In this context, an organization should establish internal channels (a reporting system) enabling an employee to report potential irregularities, as only the people that work inside a given organization best know its problems and the mechanisms of their emergence. Because of this, it is worth implementing the reporting system in a way that will guarantee safety and build trust among the organization’s members, knowing that reporting will change something and not pose problems for the reporting person. The employer should be required to establish reporting rules. Thanks to them, an employee can find out how to report, how long the consideration of the case will last, and how the confidentiality of a report is protected. The general decision-making process to respond to all the occurrences mentioned in Table 1, based on the ISO/TC223 recommendation, is shown in Figure 5.
An all-hazards perspective is used to cover the adaptive, proactive, and reactive strategies in all phases before, during, and after a disruptive incident or crisis. Modern incident management and its applied tools must address various stakeholders from different perspectives [46]. The area of societal security is multidisciplinary and involves actors from both the public and the private sectors, including not-for-profit organizations. The prepared concept of the integration was partially based on the corporate recovery prism presented by Véronneau et al. in 2013 [44].
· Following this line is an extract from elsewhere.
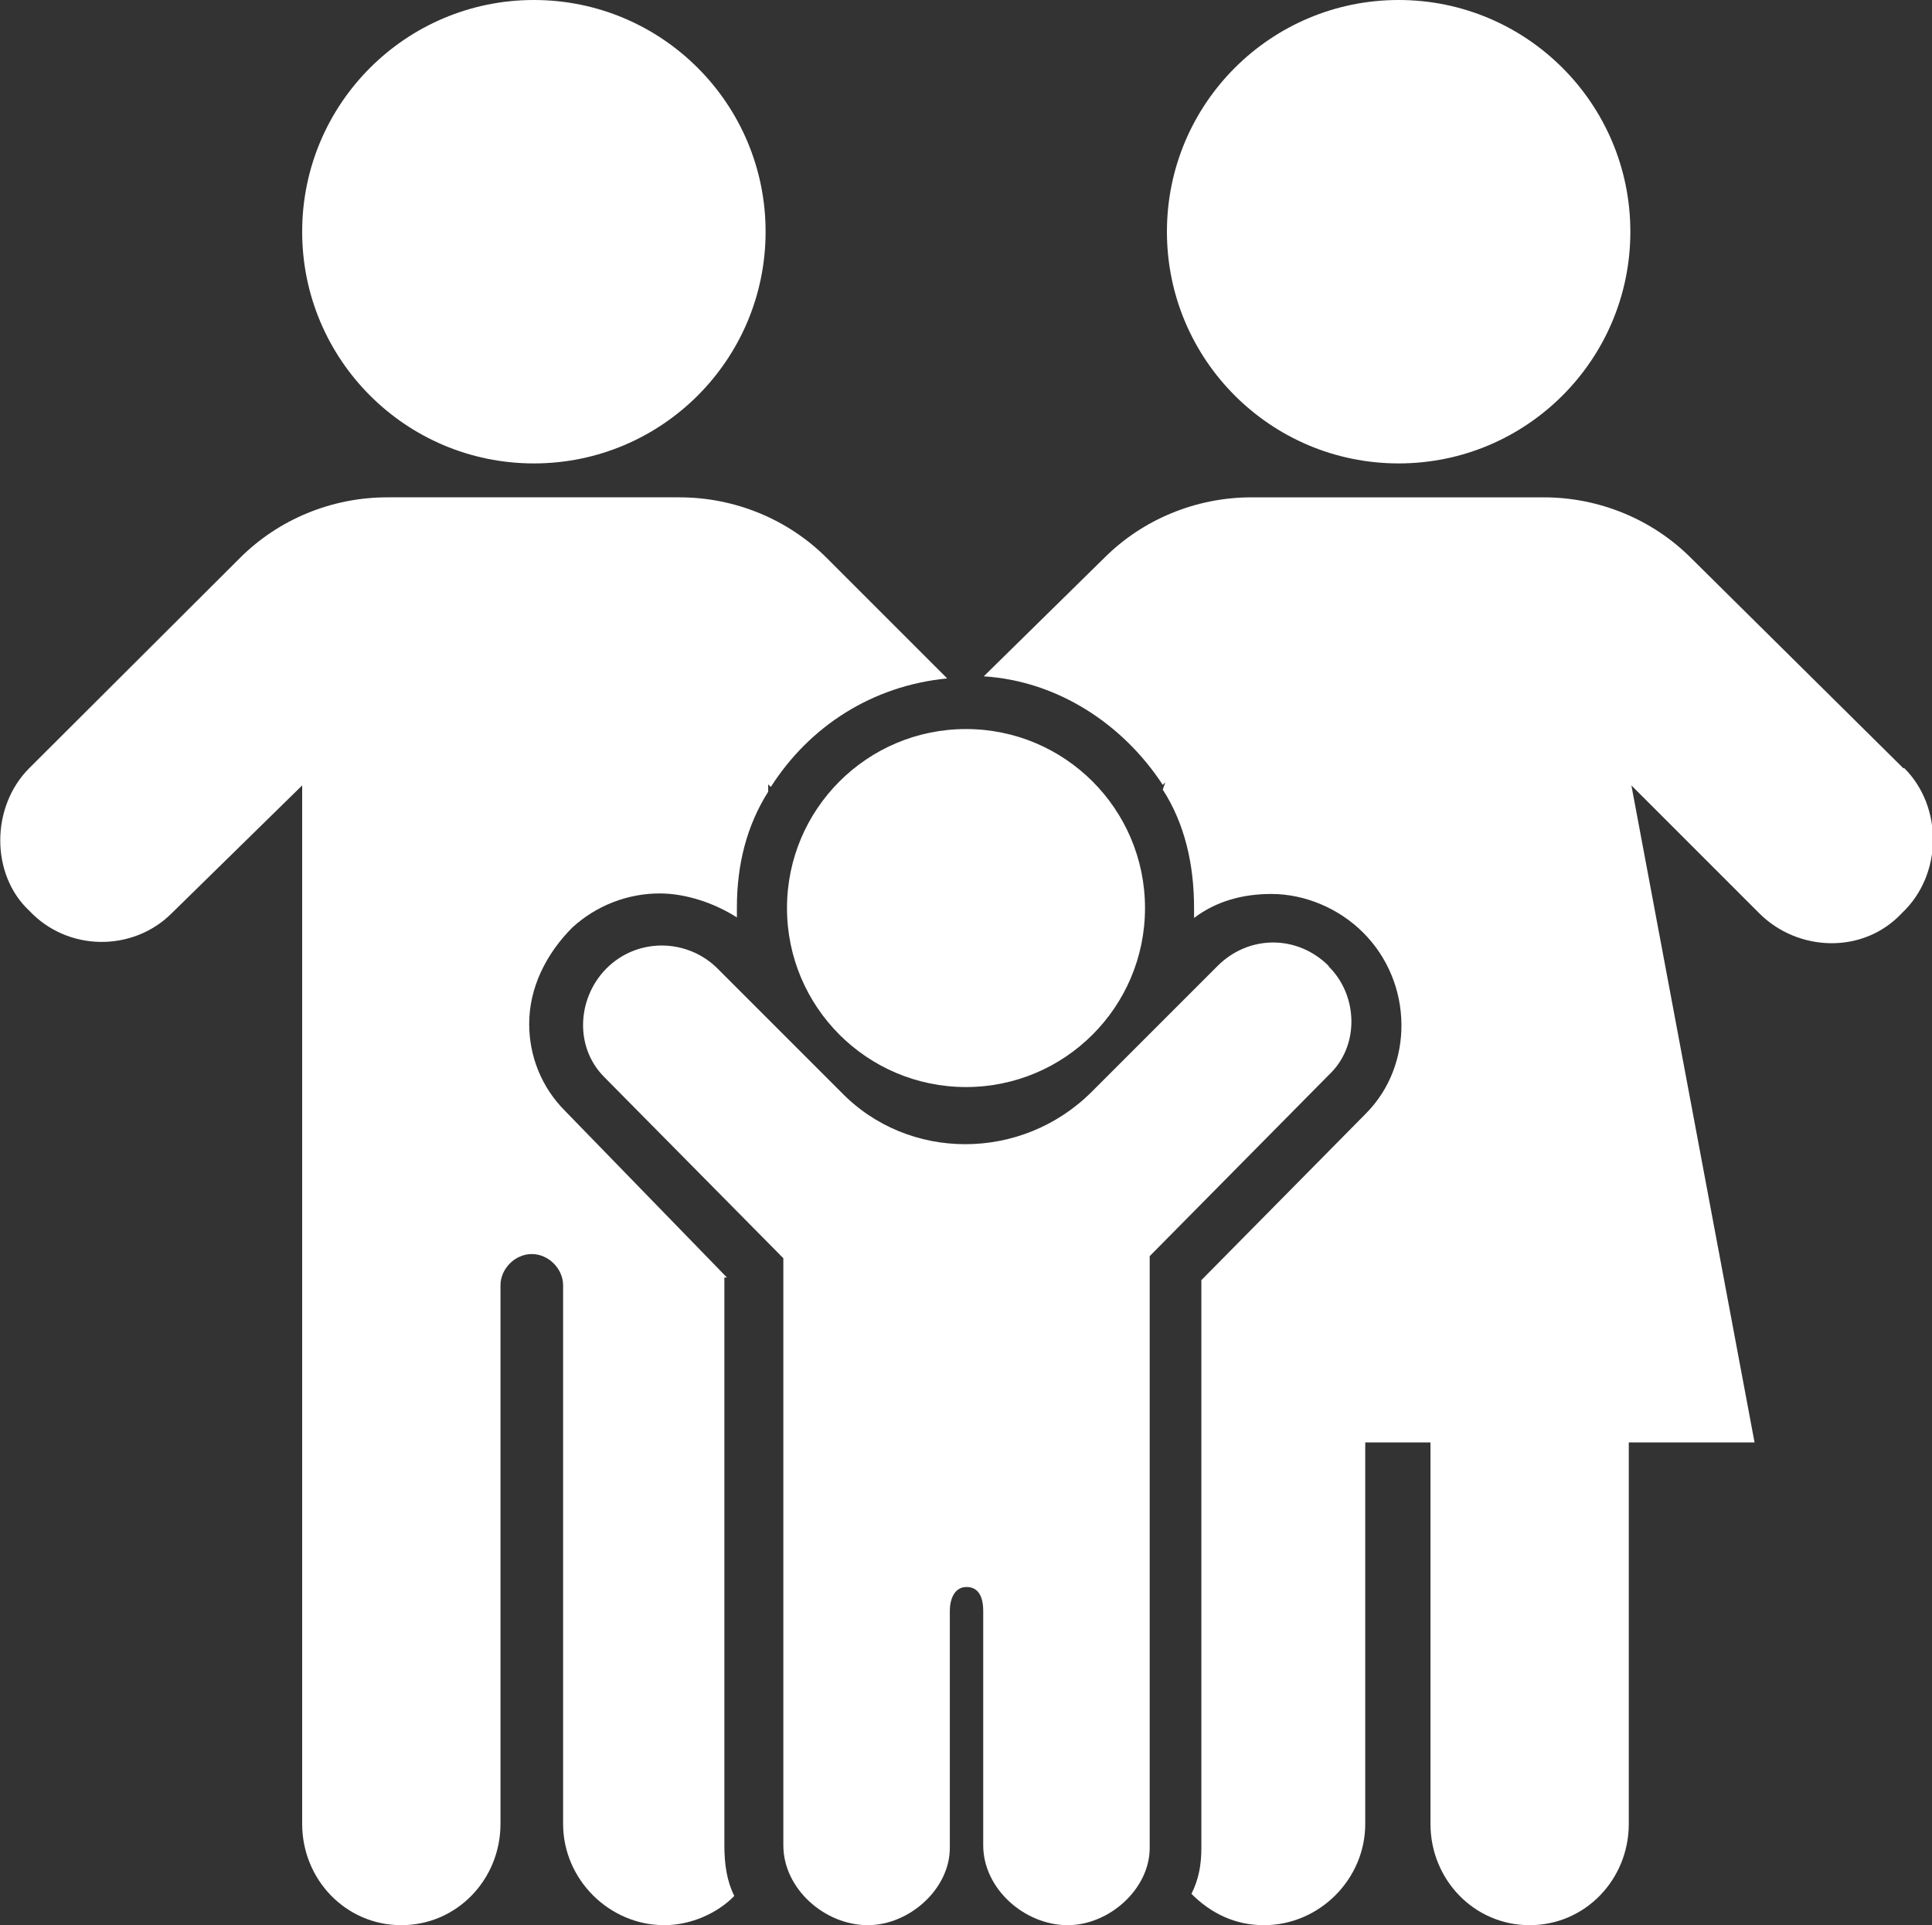 <?xml version="1.0" encoding="UTF-8"?><svg id="Layer_1" xmlns="http://www.w3.org/2000/svg" viewBox="0 0 37.02 36.89"><rect x="0" y="0" width="37.02" height="36.89" fill="#333333" stroke="none"/><defs><style>.cls-1{fill:#fff;}</style></defs><circle class="cls-1" cx="10.23" cy="4.44" r="4.44"/><circle class="cls-1" cx="26.8" cy="4.44" r="4.44"/><circle class="cls-1" cx="18.51" cy="17.4" r="3.43"/><path class="cls-1" d="m25.46,18.51c-.6-.6-1.53-.6-2.13,0l-2.41,2.41c-1.34,1.34-3.52,1.34-4.81,0l-2.36-2.36c-.56-.56-1.48-.6-2.08-.05s-.69,1.53-.09,2.13l3.43,3.47v11.25c0,.83.79,1.53,1.62,1.53.79,0,1.57-.69,1.57-1.48v-4.54c0-.23.09-.46.32-.46s.32.19.32.46v4.49c0,.83.79,1.53,1.62,1.53.79,0,1.57-.69,1.57-1.48v-11.34l3.43-3.47c.6-.56.56-1.53,0-2.08Z"/><path class="cls-1" d="m13.93,24.48l-3.1-3.19c-.46-.46-.69-1.06-.69-1.67,0-.69.32-1.34.83-1.85.46-.42,1.06-.65,1.67-.65.51,0,1.06.19,1.48.46v-.19c0-.83.19-1.57.6-2.22v-.14l.05.05c.74-1.16,1.94-1.94,3.38-2.08l-2.31-2.31c-.74-.74-1.76-1.16-2.82-1.16h-5.6c-1.06,0-2.08.42-2.82,1.16L.56,14.72c-.74.74-.74,2.04,0,2.73h0c.74.79,1.99.79,2.73.05l2.5-2.45v19.9c0,1.06.83,1.94,1.9,1.94s1.9-.88,1.9-1.94v-10.32c0-.32.28-.6.6-.6s.6.28.6.6v10.32c0,1.06.88,1.94,1.94,1.94.51,0,1.02-.23,1.34-.56-.14-.28-.19-.6-.19-.97v-10.88h.05Z"/><path class="cls-1" d="m36.47,14.72l-4.07-4.03c-.74-.74-1.76-1.16-2.82-1.16h-5.6c-1.06,0-2.08.42-2.82,1.16l-2.31,2.27c1.43.09,2.68.93,3.43,2.08l.05-.05-.05.14c.42.65.6,1.43.6,2.27v.19c.42-.32.93-.46,1.48-.46.65,0,1.3.28,1.76.74.97.97.97,2.55.05,3.47l-3.15,3.19v10.88c0,.32-.05.6-.19.88.37.37.83.6,1.39.6,1.06,0,1.94-.88,1.94-1.94v-7.31h1.25v7.31c0,1.06.83,1.94,1.9,1.94s1.9-.88,1.9-1.94v-7.31h2.41l-2.36-12.59,2.45,2.45c.74.74,1.99.79,2.73,0h0c.79-.74.79-2.04.05-2.78Z"/></svg>

This concept was modified and developed by the author of the paper and presented as an extended standard-based concept of the integration of the corporate recovery management systems in the formula of the pentagonal pyramid. The pentagonal pyramid integrates the ideas of organizational resilience (OR) with business continuity management (BCM) and crisis management (CM) as a triad of the concept elements. The modification and development have been made in the following way:
  • Replacing the corporate recovery prism (3 dimensions) with a pentagonal pyramid (5 dimensions) to emphasize the type of events considered in the individual elements of the concept and highlighting the basis of the concept on standardization (ISO and BS standards), which was the postulate of the original version;
  • Developing a hierarchy of occurrences related to their consequences in the concept based on the proposed triangle of the severity of the occurrences;
  • Proposing implementation of the incident response and management system as an element of the concept according to [47] and some of the author’s tips;
  • Changing the vertical order of the components of the pyramid—increasing the rank of crisis management as that of a superior one connected with management at the highest level in relation to business continuity management as an element of the concept mainly connected with the tactical level of management in accordance with the presented triangle of the severity of the occurrences;
  • Explaining of the concept by some specific definitions and components of organizational resilience, business continuity management, and crisis management based on the so-called resilience triangle;
  • Explaining of the concept by a table with CM, BCM, and OR specific characteristics, such as definition, main method, measure, main parameters, phases, types of occurrences, management level, main actors, priorities, early warning system, continuous improvement, and standards. The explanation was based on the standards, respectively, for CM—[30], for BCM—[32], and for OR—[43];
  • Arranging the terminology in the concept according to one standard—[45];
  • Using in the concept the term “business continuity management” (BCM) instead of “business continuity planning” (BCP) because planning implies that there is the beginning and the end to the process, but BCM is a dynamic, proactive, and ongoing process (Deming’s circle);
  • Basing the model on the aspects of societal security and the sustainable improvement strategy as a coherent and logical whole concept.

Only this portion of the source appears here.